Savoia-Marchetti S.55
Aeroflot Savoia-Marchetti S.55P.jpg
An S.55P of Aeroflot circa 1933
Role Flying boat
Manufacturer Savoia-Marchetti
Designer Alessandro Marchetti
First flight August 1924
Introduction 1926
Retired 1945
Primary users Società Idrovolanti Alto Italia (Savoia)
Regia Aeronautica
Number built 243+
Variants Savoia-Marchetti S.66

The Savoia-Marchetti S.55 was a double-hulled flying boat produced in Italy beginning in 1924. Shortly after its introduction, it began setting records for speed, payload, altitude and range.

The S.55 featured many innovative design features. All the passengers or cargo were placed in the twin hulls, but the pilot and crew captained the plane from a cockpit in the thicker section of the wing between the two hulls. The S.55 had two inline counter-rotating propellers, achieved by mounting the twin engines back to back. The engines were canted sharply at an upward angle. Two wire-braced booms connected the triple-finned tail structure to the twin hulls and wing.

Even though its design was unusual, the Savoia-Marchetti S.55 was a remarkably airworthy craft. In 1926, the S.55P prototype set 14 world records for speed, altitude and distance with a payload. The S.55's greatest successes, however, were its many flights between Europe and the Americas.

The Brazilian João Ribeiro de Barros and his crew of three made an Atlantic crossing in S.55 "Jahú" on 24 April 1927. Departing from Santiago Island, he crossed the Atlantic in "Jahú" and landed at Fernando de Noronha Island, Brazil.
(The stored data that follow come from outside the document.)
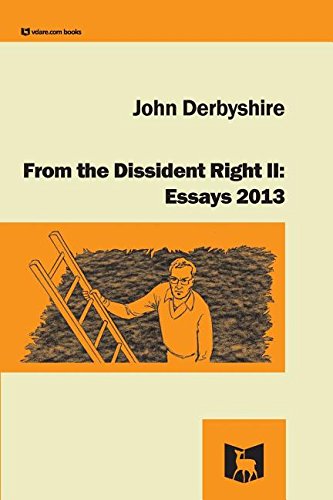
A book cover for From the Dissident Right II: Essays 2013; John Derbyshire; Literature & Fiction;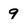
Character: 9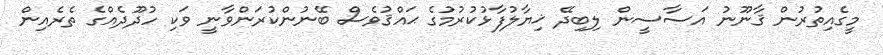
މީގެއިތުރުން ޤާނޫނު އަސާސީން ލިބިދޭ ޚިޔާލުފާޅުކުރުމުގެ ޙައްޤުވެސް ބޭނުންކުރަންވާނީ ވަކި ހުދޫދެއްގެ ތެރެއިން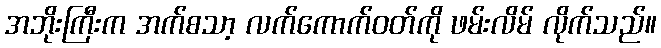
အဘိုးကြီးက အက်စသာ့ လက်ကောက်ဝတ်ကို ဖမ်းလိမ် လိုက်သည်။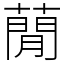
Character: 蕑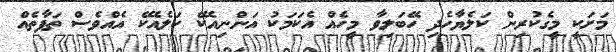
މަށަކީ މީގެކުރިން ކަލެޔާހެދި ހޭބަލިވާ މީހެއް އެކަމަކު އަންނިއެކޭ ކަލެއެކޭ އެއްވެސް ތަފާތެއް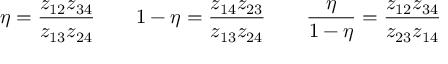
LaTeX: \eta = \frac { z _ { 1 2 } z _ { 3 4 } } { z _ { 1 3 } z _ { 2 4 } } \qquad 1 - \eta = \frac { z _ { 1 4 } z _ { 2 3 } } { z _ { 1 3 } z _ { 2 4 } } \qquad \frac { \eta } { 1 - \eta } = \frac { z _ { 1 2 } z _ { 3 4 } } { z _ { 2 3 } z _ { 1 4 } }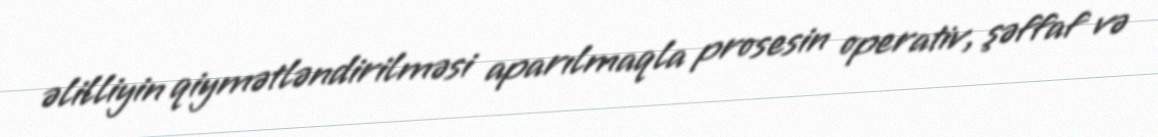
əlilliyin qiymətləndirilməsi aparılmaqla prosesin operativ, şəffaf və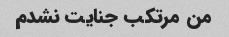
من مرتکب جنایت نشدم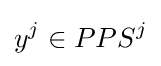
y^{j}\in PPS^{j}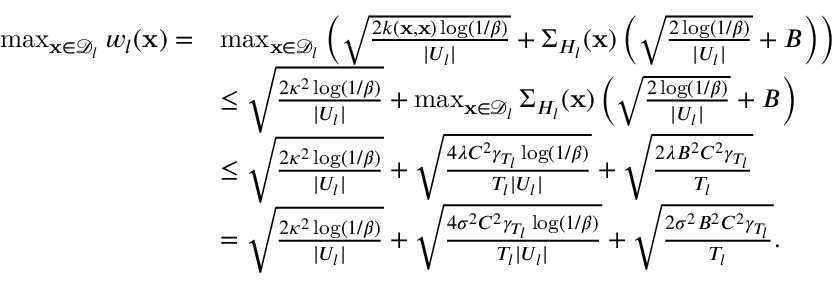
\begin{array} { r l } { \operatorname* { m a x } _ { \mathbf { x } \in \mathcal { D } _ { l } } w _ { l } ( \mathbf { x } ) = } & { \operatorname* { m a x } _ { \mathbf { x } \in \mathcal { D } _ { l } } \left( \sqrt { \frac { 2 k ( \mathbf { x } , \mathbf { x } ) \log ( 1 / \beta ) } { | U _ { l } | } } + \Sigma _ { H _ { l } } ( \mathbf { x } ) \left( \sqrt { \frac { 2 \log ( 1 / \beta ) } { | U _ { l } | } } + B \right) \right) } \\ & { \leq \sqrt { \frac { 2 \kappa ^ { 2 } \log ( 1 / \beta ) } { | U _ { l } | } } + \operatorname* { m a x } _ { \mathbf { x } \in \mathcal { D } _ { l } } \Sigma _ { H _ { l } } ( \mathbf { x } ) \left( \sqrt { \frac { 2 \log ( 1 / \beta ) } { | U _ { l } | } } + B \right) } \\ & { \leq \sqrt { \frac { 2 \kappa ^ { 2 } \log ( 1 / \beta ) } { | U _ { l } | } } + \sqrt { \frac { 4 \lambda C ^ { 2 } \gamma _ { T _ { l } } \log ( 1 / \beta ) } { T _ { l } | U _ { l } | } } + \sqrt { \frac { 2 \lambda B ^ { 2 } C ^ { 2 } \gamma _ { T _ { l } } } { T _ { l } } } } \\ & { = \sqrt { \frac { 2 \kappa ^ { 2 } \log ( 1 / \beta ) } { | U _ { l } | } } + \sqrt { \frac { 4 \sigma ^ { 2 } C ^ { 2 } \gamma _ { T _ { l } } \log ( 1 / \beta ) } { T _ { l } | U _ { l } | } } + \sqrt { \frac { 2 \sigma ^ { 2 } B ^ { 2 } C ^ { 2 } \gamma _ { T _ { l } } } { T _ { l } } } . } \end{array}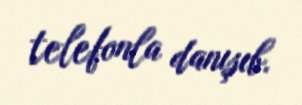
telefonla danışıb.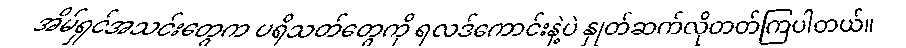
အိမ်ရှင်အသင်းတွေက ပရိသတ်တွေကို ရလဒ်ကောင်းနဲ့ပဲ နှုတ်ဆက်လိုတတ်ကြပါတယ်။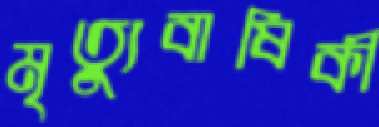
মৃত্যুবাষিকী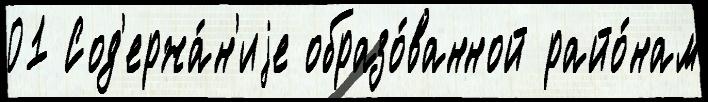
01 Сод'ержа́н'иjе образо́ванной райо́нам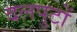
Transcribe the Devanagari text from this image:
दलपुटों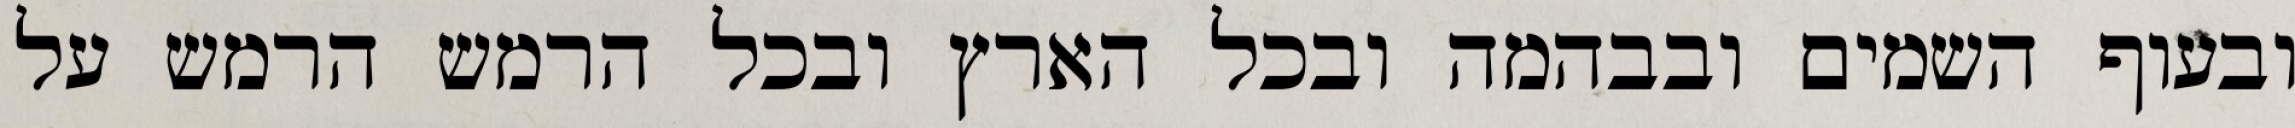
ובעוף השמים ובבהמה ובכל הארץ ובכל הרמש הרמש על

The Savoia-Marchetti S.55 made a number of early crossings of the Atlantic Ocean at a time when doing so was still a very risky and challenging venture, starting when the Plus Ultra, a Spanish Dornier Wal piloted by Ramón Franco, crossed from Spain to Buenos Aires, Argentina, in January 1926, then Santa Maria under Francesco de Pinedo took off from Dakar, Senegal to Pernambuco, Brazil on 13 February 1927. This was three months before Charles Lindbergh's solo crossing, but nearly 8 years after Alcock and Brown had completed the first non-stop crossing in 1919 in a Vickers Vimy. After crossing the aircraft was traded to Brazil for coffee beans.